(Collection entries)

=======

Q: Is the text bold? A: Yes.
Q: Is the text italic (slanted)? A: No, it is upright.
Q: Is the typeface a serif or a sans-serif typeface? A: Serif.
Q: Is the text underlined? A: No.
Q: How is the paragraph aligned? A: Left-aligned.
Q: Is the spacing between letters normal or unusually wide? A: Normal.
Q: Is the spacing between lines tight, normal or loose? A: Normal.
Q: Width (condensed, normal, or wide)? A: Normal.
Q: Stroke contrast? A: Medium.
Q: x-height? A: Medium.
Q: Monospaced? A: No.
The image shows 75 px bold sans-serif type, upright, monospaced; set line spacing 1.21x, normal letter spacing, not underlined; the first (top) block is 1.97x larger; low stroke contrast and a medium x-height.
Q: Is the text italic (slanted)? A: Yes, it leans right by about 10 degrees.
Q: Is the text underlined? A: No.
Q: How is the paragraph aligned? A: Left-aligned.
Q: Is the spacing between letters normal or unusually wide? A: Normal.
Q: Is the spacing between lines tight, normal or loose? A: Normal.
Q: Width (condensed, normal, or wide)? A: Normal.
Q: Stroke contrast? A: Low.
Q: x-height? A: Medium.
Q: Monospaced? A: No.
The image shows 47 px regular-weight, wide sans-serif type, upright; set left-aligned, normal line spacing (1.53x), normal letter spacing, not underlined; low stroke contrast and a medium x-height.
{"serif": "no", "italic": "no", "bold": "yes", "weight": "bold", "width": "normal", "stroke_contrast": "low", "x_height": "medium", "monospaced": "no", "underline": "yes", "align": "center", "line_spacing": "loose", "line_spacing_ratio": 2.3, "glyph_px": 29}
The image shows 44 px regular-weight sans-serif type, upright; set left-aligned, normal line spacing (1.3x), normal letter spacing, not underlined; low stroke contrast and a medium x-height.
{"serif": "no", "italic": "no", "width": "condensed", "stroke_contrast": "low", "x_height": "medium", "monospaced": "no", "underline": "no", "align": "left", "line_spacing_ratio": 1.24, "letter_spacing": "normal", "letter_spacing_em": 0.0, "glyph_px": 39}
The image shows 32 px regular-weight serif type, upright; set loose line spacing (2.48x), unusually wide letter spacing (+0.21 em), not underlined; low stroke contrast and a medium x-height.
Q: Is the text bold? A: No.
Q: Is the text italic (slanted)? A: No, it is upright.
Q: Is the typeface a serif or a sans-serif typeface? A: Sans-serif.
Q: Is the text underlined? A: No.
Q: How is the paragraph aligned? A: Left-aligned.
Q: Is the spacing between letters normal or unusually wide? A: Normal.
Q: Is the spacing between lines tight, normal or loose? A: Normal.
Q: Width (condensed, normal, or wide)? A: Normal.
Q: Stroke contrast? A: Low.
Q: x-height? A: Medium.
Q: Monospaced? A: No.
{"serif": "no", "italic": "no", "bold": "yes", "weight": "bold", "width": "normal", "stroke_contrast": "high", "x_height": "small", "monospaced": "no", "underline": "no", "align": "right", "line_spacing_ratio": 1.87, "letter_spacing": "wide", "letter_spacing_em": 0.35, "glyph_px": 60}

=======

With nothing omitted, set down all of the records again.

Q: Is the text bold? A: Yes.
Q: Is the text italic (slanted)? A: No, it is upright.
Q: Is the typeface a serif or a sans-serif typeface? A: Serif.
Q: Is the text underlined? A: No.
Q: How is the paragraph aligned? A: Left-aligned.
Q: Is the spacing between letters normal or unusually wide? A: Normal.
Q: Is the spacing between lines tight, normal or loose? A: Normal.
Q: Width (condensed, normal, or wide)? A: Normal.
Q: Stroke contrast? A: Medium.
Q: x-height? A: Medium.
Q: Monospaced? A: No.
The image shows 75 px bold sans-serif type, upright, monospaced; set line spacing 1.21x, normal letter spacing, not underlined; the first (top) block is 1.97x larger; low stroke contrast and a medium x-height.
Q: Is the text italic (slanted)? A: Yes, it leans right by about 10 degrees.
Q: Is the text underlined? A: No.
Q: How is the paragraph aligned? A: Left-aligned.
Q: Is the spacing between letters normal or unusually wide? A: Normal.
Q: Is the spacing between lines tight, normal or loose? A: Normal.
Q: Width (condensed, normal, or wide)? A: Normal.
Q: Stroke contrast? A: Low.
Q: x-height? A: Medium.
Q: Monospaced? A: No.
The image shows 47 px regular-weight, wide sans-serif type, upright; set left-aligned, normal line spacing (1.53x), normal letter spacing, not underlined; low stroke contrast and a medium x-height.
{"serif": "no", "italic": "no", "bold": "yes", "weight": "bold", "width": "normal", "stroke_contrast": "low", "x_height": "medium", "monospaced": "no", "underline": "yes", "align": "center", "line_spacing": "loose", "line_spacing_ratio": 2.3, "glyph_px": 29}
The image shows 44 px regular-weight sans-serif type, upright; set left-aligned, normal line spacing (1.3x), normal letter spacing, not underlined; low stroke contrast and a medium x-height.
{"serif": "no", "italic": "no", "width": "condensed", "stroke_contrast": "low", "x_height": "medium", "monospaced": "no", "underline": "no", "align": "left", "line_spacing_ratio": 1.24, "letter_spacing": "normal", "letter_spacing_em": 0.0, "glyph_px": 39}
The image shows 32 px regular-weight serif type, upright; set loose line spacing (2.48x), unusually wide letter spacing (+0.21 em), not underlined; low stroke contrast and a medium x-height.
Q: Is the text bold? A: No.
Q: Is the text italic (slanted)? A: No, it is upright.
Q: Is the typeface a serif or a sans-serif typeface? A: Sans-serif.
Q: Is the text underlined? A: No.
Q: How is the paragraph aligned? A: Left-aligned.
Q: Is the spacing between letters normal or unusually wide? A: Normal.
Q: Is the spacing between lines tight, normal or loose? A: Normal.
Q: Width (condensed, normal, or wide)? A: Normal.
Q: Stroke contrast? A: Low.
Q: x-height? A: Medium.
Q: Monospaced? A: No.
{"serif": "no", "italic": "no", "bold": "yes", "weight": "bold", "width": "normal", "stroke_contrast": "high", "x_height": "small", "monospaced": "no", "underline": "no", "align": "right", "line_spacing_ratio": 1.87, "letter_spacing": "wide", "letter_spacing_em": 0.35, "glyph_px": 60}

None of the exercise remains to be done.